5. Appellant heeft betoogd dat ten onrechte geen punten voor de transitiestal zijn toegekend. Volgens appellant blijkt al uit zijn aanvraag dat de transitieruimte voldoet aan de gestelde eisen. Ter motivering hiervan heeft appellant uiteengezet hoe de beoogde stal er wat betreft looproutes, de soort ruimtes en de maatvoering van de ruimtes voor de verschillende groepen koeien uit komt te zien. De aannames die de beoordelingscommissie maakt met betrekking tot de groep droge koeien in de eerste maand van de droogstand zijn volgens appellant onjuist. Appellant stelt dat zijn aanvraag duidelijk was. Voor zover de aanvraag de beoordelingscommissie niet duidelijk was, had verweerder appellant om een verduidelijking moeten vragen. Tot slot stelt appellant zich op het standpunt dat het tenderprincipe er niet aan in de weg staat om alsnog punten toe te kennen voor de transitieruimte, omdat de juiste gegevens al bij de aanvraag zijn overgelegd.

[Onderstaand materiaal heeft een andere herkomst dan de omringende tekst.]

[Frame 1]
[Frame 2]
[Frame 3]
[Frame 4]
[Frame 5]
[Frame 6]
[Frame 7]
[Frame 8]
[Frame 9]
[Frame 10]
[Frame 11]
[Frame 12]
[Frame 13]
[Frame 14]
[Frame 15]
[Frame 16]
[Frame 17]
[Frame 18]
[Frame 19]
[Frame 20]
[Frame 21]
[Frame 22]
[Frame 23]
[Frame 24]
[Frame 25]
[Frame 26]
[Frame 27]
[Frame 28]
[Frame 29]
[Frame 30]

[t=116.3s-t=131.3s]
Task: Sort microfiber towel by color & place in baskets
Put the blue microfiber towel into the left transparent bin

6. Verweerder betoogt dat de beoordelingscommissie heeft toegelicht dat de beoordeling heeft plaatsgevonden aan de hand van het investeringsplan en de tekening. Op basis hiervan is het voor de commissie onduidelijk dat de strohokken bedoeld zijn als transitieruimtes of dat ze als bijzondere ruimtes in gebruik zullen worden genomen. De onduidelijkheid wordt ingegeven door het feit dat er al voldoende ligboxen voor droge koeien en nieuwmelkte koeien zijn; daarmee zijn de strohokken niet nodig voor het huisvesten van de verschillende groepen dieren. Daarnaast is de routing naar de melkstal niet duidelijk aangegeven. Verder stelt verweerder dat zelfs indien appellant alsnog punten toegekend zou krijgen voor de transitiestal, dit hem niet in aanmerking zou brengen voor subsidie. De drie punten voor een transitiestal zouden appellants aanvraag op een eindscore van 100,78 punten brengen, en daarmee zou hij ruim onder de knip eindigen.

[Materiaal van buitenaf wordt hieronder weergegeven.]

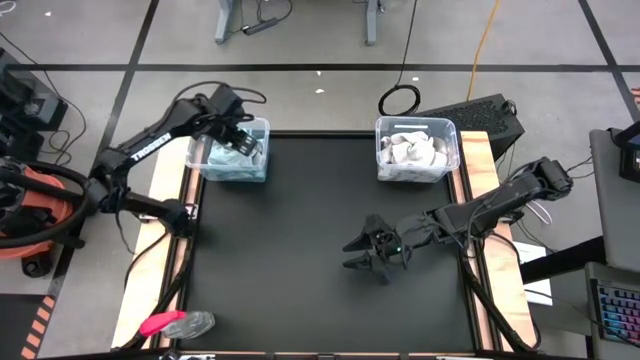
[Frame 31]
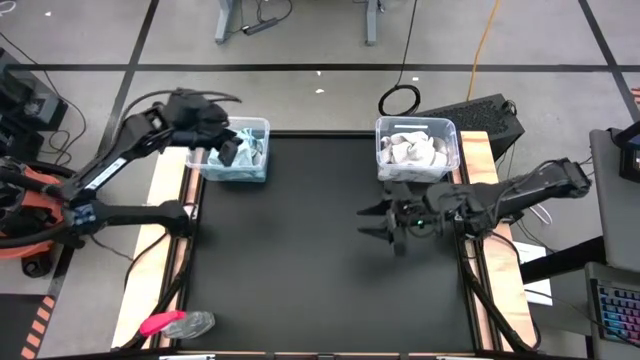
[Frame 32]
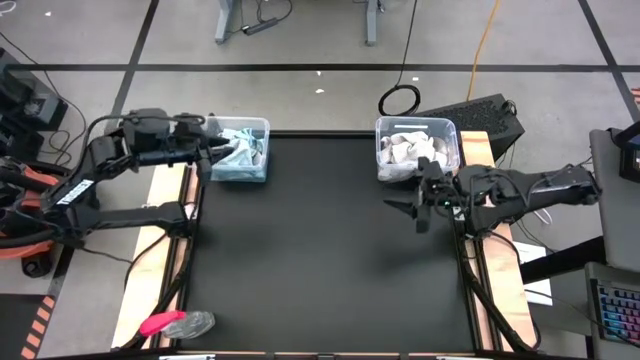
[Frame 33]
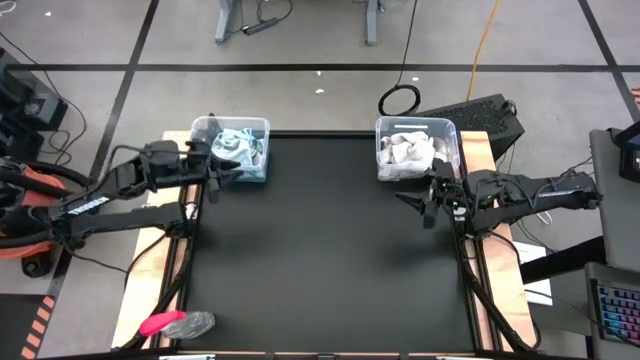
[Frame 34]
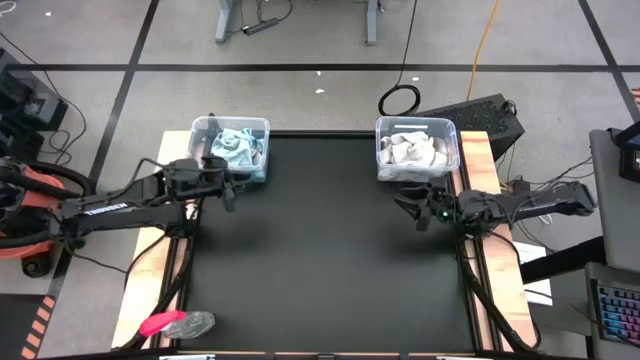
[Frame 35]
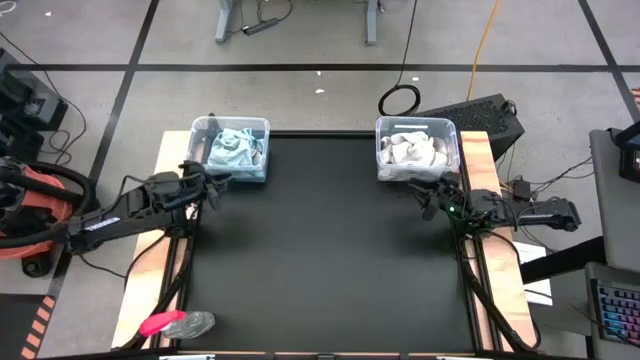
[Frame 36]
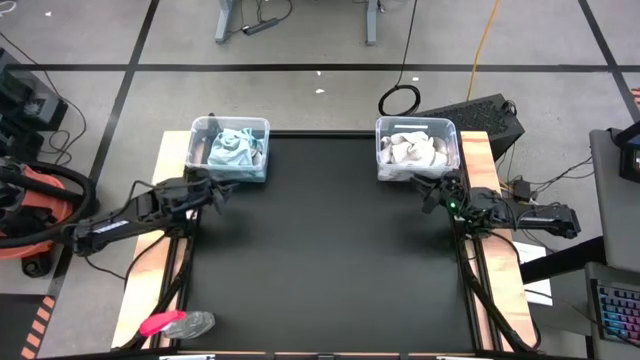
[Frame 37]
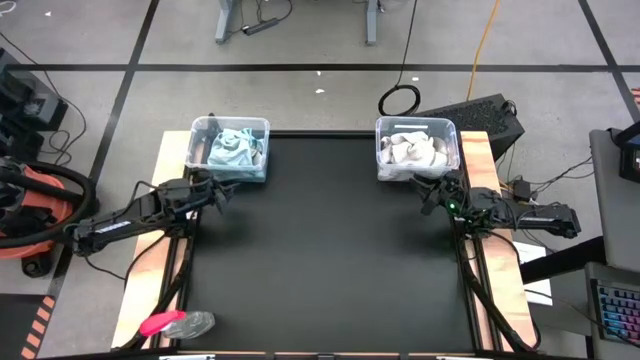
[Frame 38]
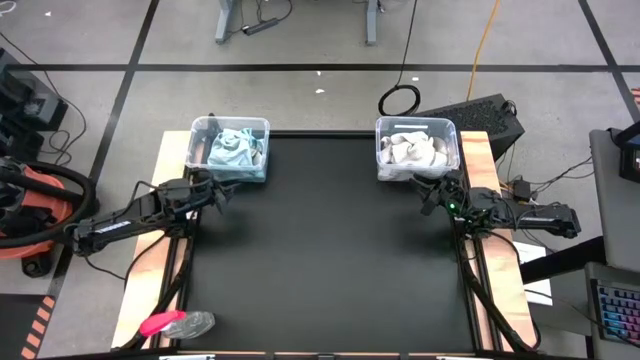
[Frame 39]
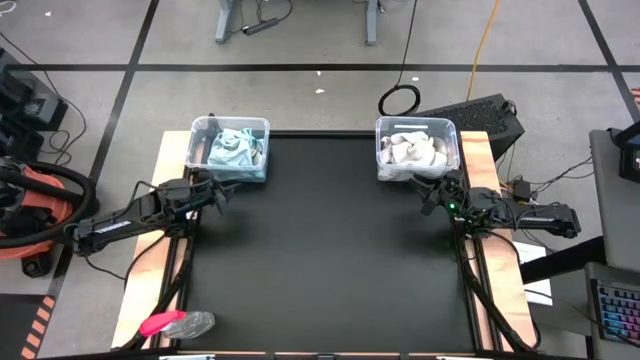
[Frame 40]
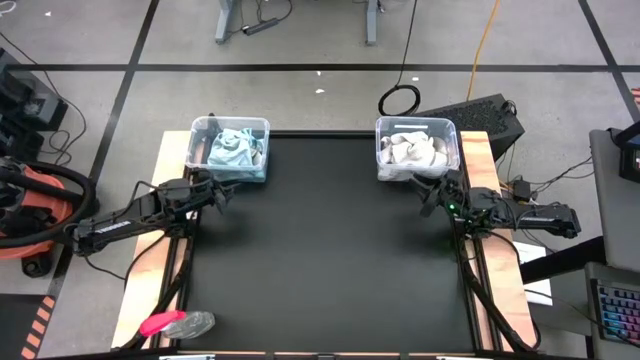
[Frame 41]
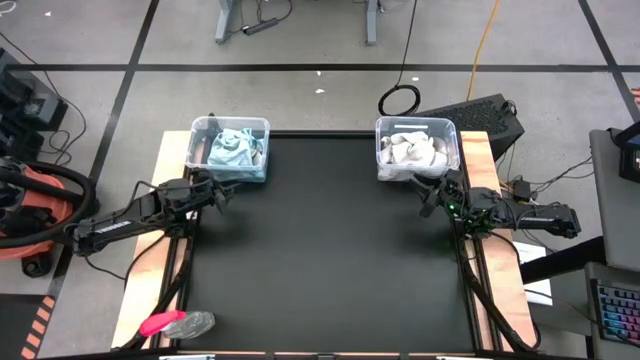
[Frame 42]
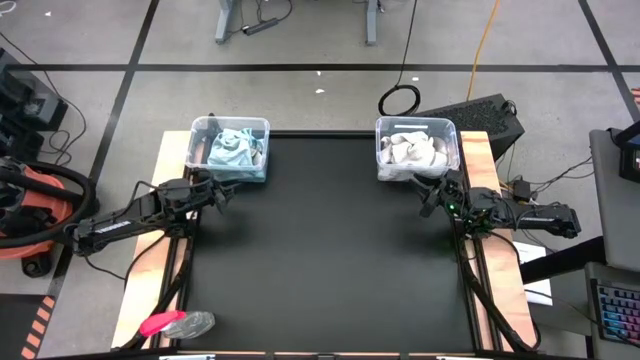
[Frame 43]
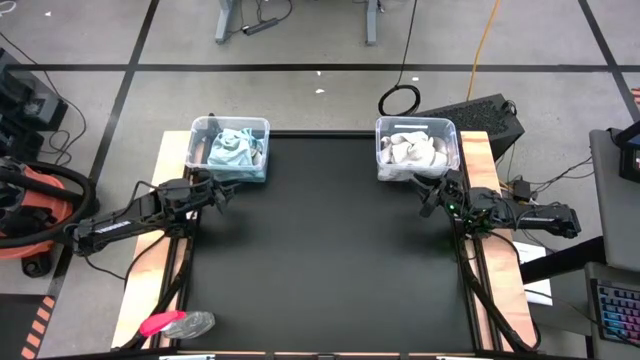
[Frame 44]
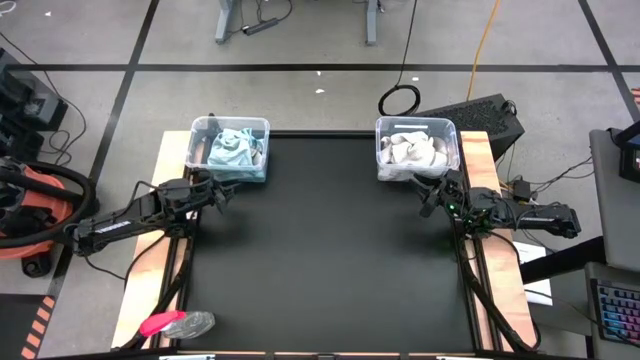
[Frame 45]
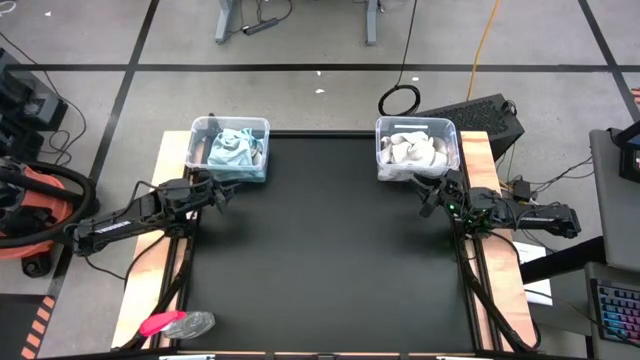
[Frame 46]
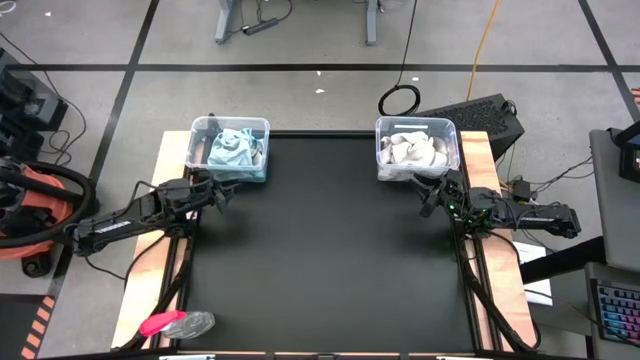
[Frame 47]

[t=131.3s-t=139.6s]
Return to Home Position

7. Het College overweegt dat appellant is opgekomen tegen het besluit waarbij verweerder zijn weigering de gevraagde subsidie te verlenen heeft gehandhaafd. Appellant is tegen dit besluit opgekomen met een betoog dat er kortweg toe strekt dat bij de beoordeling van zijn aanvraag ten onrechte geen punten zijn toegekend voor een transitiestal. Het College kan en zal dit punt buiten bespreking laten omdat verweerder – onbestreden – heeft gesteld – en voor het College vaststaat – dat appellant, zelfs als bij de beoordeling van zijn aanvraag wel het maximale aantal punten voor een transitiestal zou zijn toegekend, nog op een eindscore zou eindigen die ruim onder de “knip” zou liggen. Dat betekent dat appellant met zijn betoog en de in dat kader aangevoerde argumenten niet het resultaat kan bereiken dat hij wenst, namelijk alsnog toekenning van de gevraagde subsidie. Ter zitting heeft appellant, gevraagd naar het belang bij handhaving van zijn beroep, nog aangevoerd dat hij van iemand van de Rijksdienst voor Ondernemend Nederland telefonisch heeft begrepen dat indien projecten waarvoor subsidie is verleend niet of te laat worden gerealiseerd, de vrijgekomen subsidie aan de volgende op de ranglijst wordt verleend. Dit, niet nader onderbouwde, betoog gaat uit van een zodanig speculatieve toekomstige situatie, dat het College hierin geen aanleiding vindt om anders te oordelen dan het hiervoor heeft gedaan.
8. Uit het vorenstaande volgt dat het beroep ongegrond is.
9. Voor een proceskostenvergoeding bestaat geen aanleiding.